[Stored data]
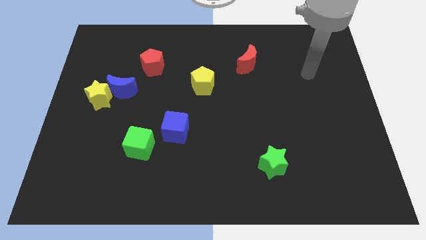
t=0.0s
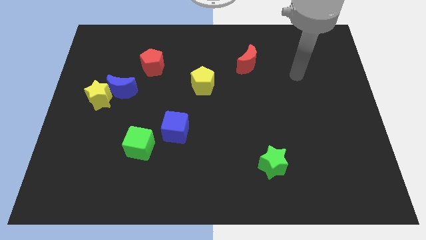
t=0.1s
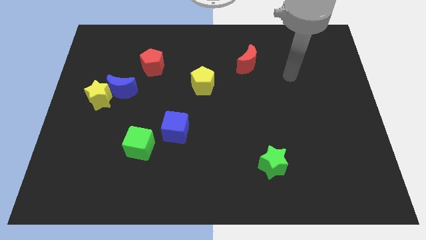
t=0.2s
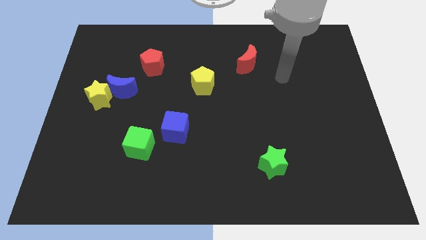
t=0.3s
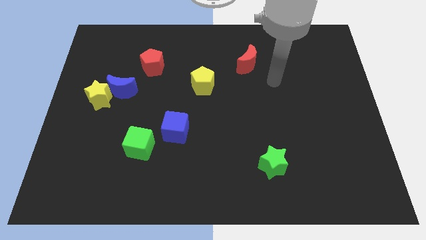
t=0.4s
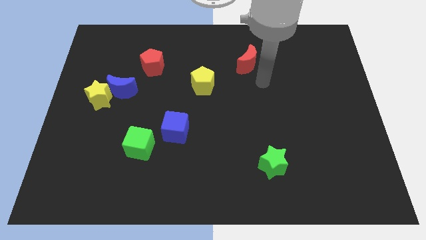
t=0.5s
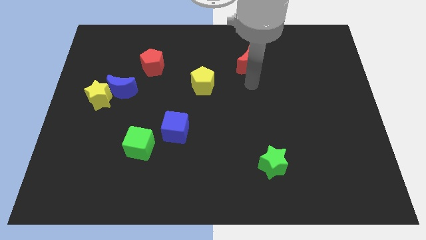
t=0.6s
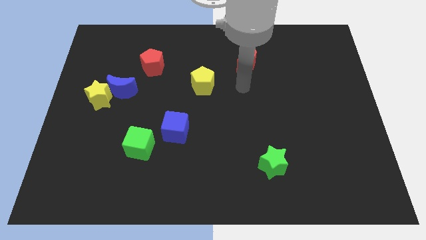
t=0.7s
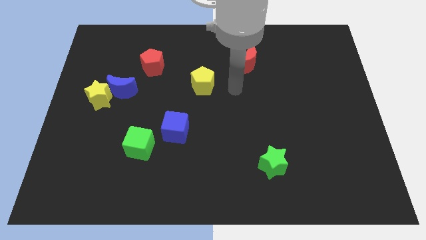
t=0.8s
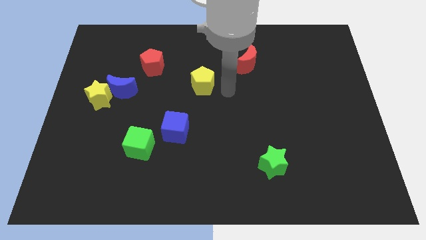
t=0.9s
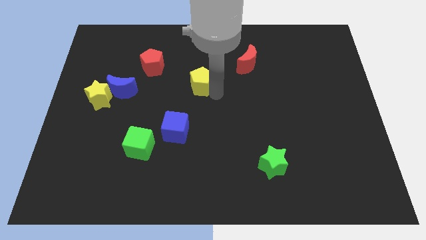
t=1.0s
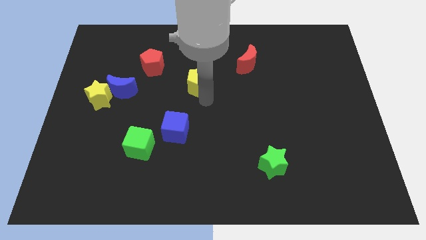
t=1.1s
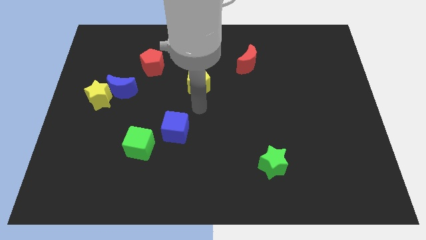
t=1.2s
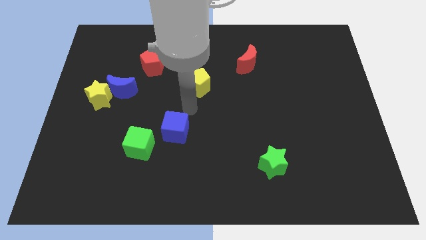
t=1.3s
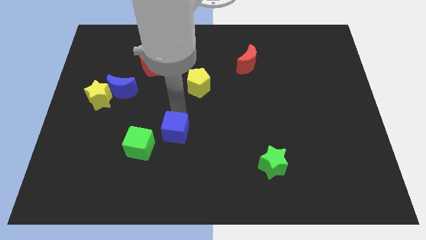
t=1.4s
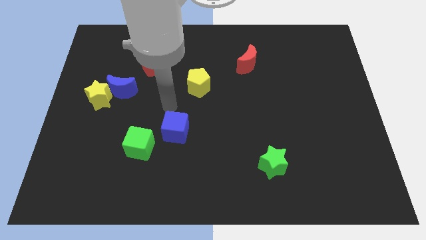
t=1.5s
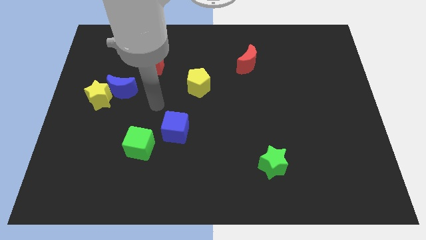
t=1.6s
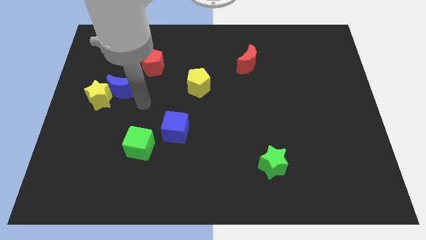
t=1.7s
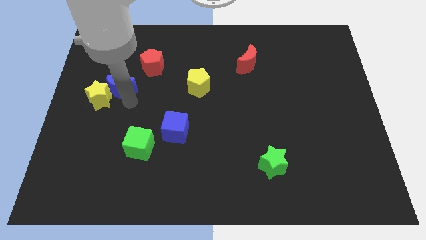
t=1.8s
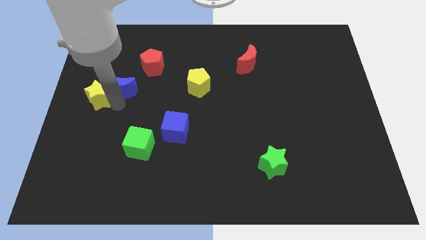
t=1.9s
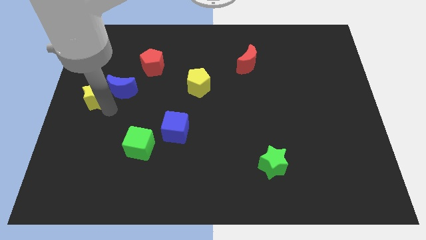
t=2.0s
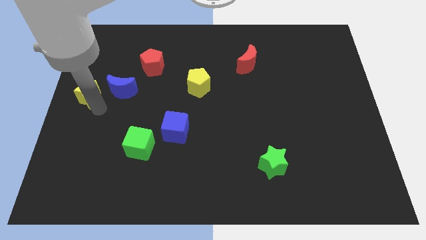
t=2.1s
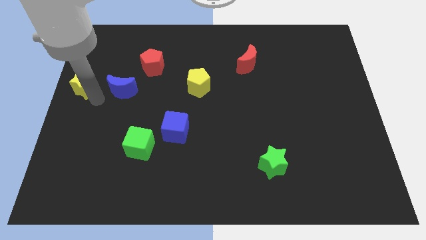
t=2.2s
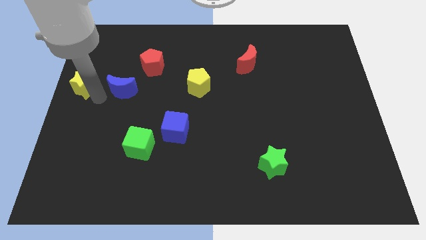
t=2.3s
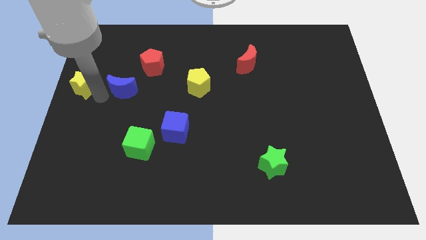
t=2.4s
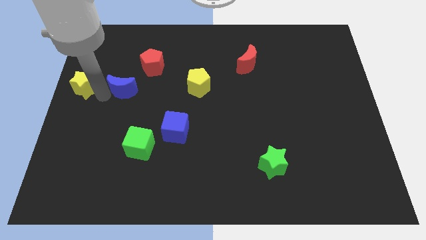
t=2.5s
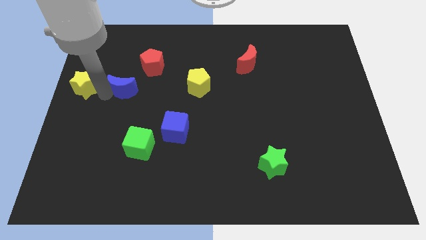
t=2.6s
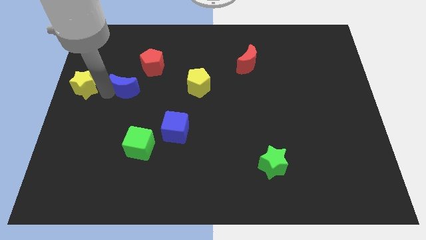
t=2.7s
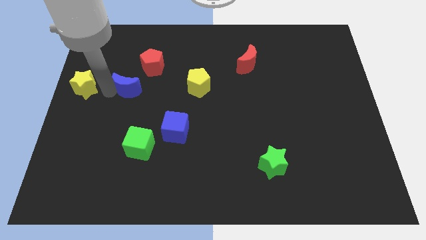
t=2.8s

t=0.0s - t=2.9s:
[/Stored data]
**What you have to do:** Please make an exact copy of the records, leaving out any picture.

**Answer section:**
t=0.0s
t=0.1s
t=0.2s
t=0.3s
t=0.4s
t=0.5s
t=0.6s
t=0.7s
t=0.8s
t=0.9s
t=1.0s
t=1.1s
t=1.2s
t=1.3s
t=1.4s
t=1.5s
t=1.6s
t=1.7s
t=1.8s
t=1.9s
t=2.0s
t=2.1s
t=2.2s
t=2.3s
t=2.4s
t=2.5s
t=2.6s
t=2.7s
t=2.8s

t=0.0s - t=2.9s:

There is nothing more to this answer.